Speech delivered at Cal State, East Bay

 

January 18, 2017

 

It is a true honor to be here tonight at Cal State University, East Bay. Unlike the spectacle that is about to take place in a couple of days in Washington DC, an event that for many of us feels like a grotesque nightmare, our gathering tonight is in celebration of a noble dream. After 50 years, the vision of Martin Luther King Jr., his desire to see Americans of all creeds and colors united, is slowly becoming a more concrete reality in many parts of the country.

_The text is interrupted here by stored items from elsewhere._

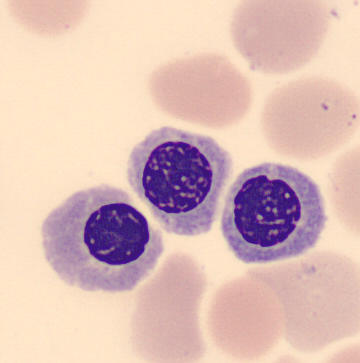Impression — nucleated red blood cell.
Peripheral blood smear.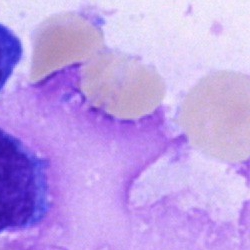
{"cell_type": "artefact"}
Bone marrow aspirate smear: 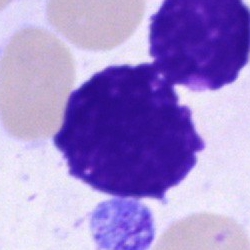 The cell shown is a lymphocyte.
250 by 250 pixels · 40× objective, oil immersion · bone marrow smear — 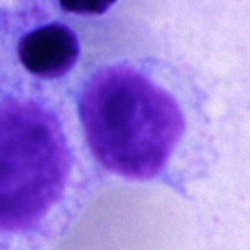

Showing a lymphocyte.
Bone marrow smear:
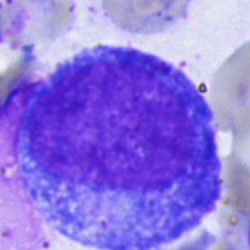
The cell shown is a progranulocyte.
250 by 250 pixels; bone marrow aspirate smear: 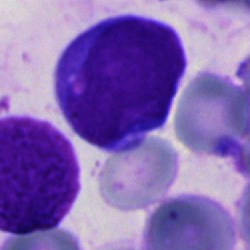

Cell type — blast.
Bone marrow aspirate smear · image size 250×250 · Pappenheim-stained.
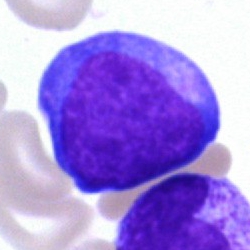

Each afternoon, when I pick up my daughter from the bilingual public school she attends in our small Midwestern town, I see it—a snapshot of the future of this country: white, African-American, Asian, Middle Eastern, and Hispanic children playing happily together. Their present joy is the seed of their future brotherhood. And yet, there are large sectors of society that feel threatened by this richness, by the increasing realization of King’s dream. In particular, the success of the past election was predicated on the promise to tear millions of families apart. It was predicated on the assumption that the undocumented parents of American children have some covert criminal intent. Everyday reality, however, tells us otherwise. It tells us that they are people who cook our meals, clear our tables, pick our vegetables, mow our lawns—they are people like me, trying to make a better life for themselves and their families.

In this respect, we, the undocumented, are no different from any other group of immigrants that has come before us, except that perhaps, to return to the central struggle of Dr. King, what differentiates us is our skin pigmentation.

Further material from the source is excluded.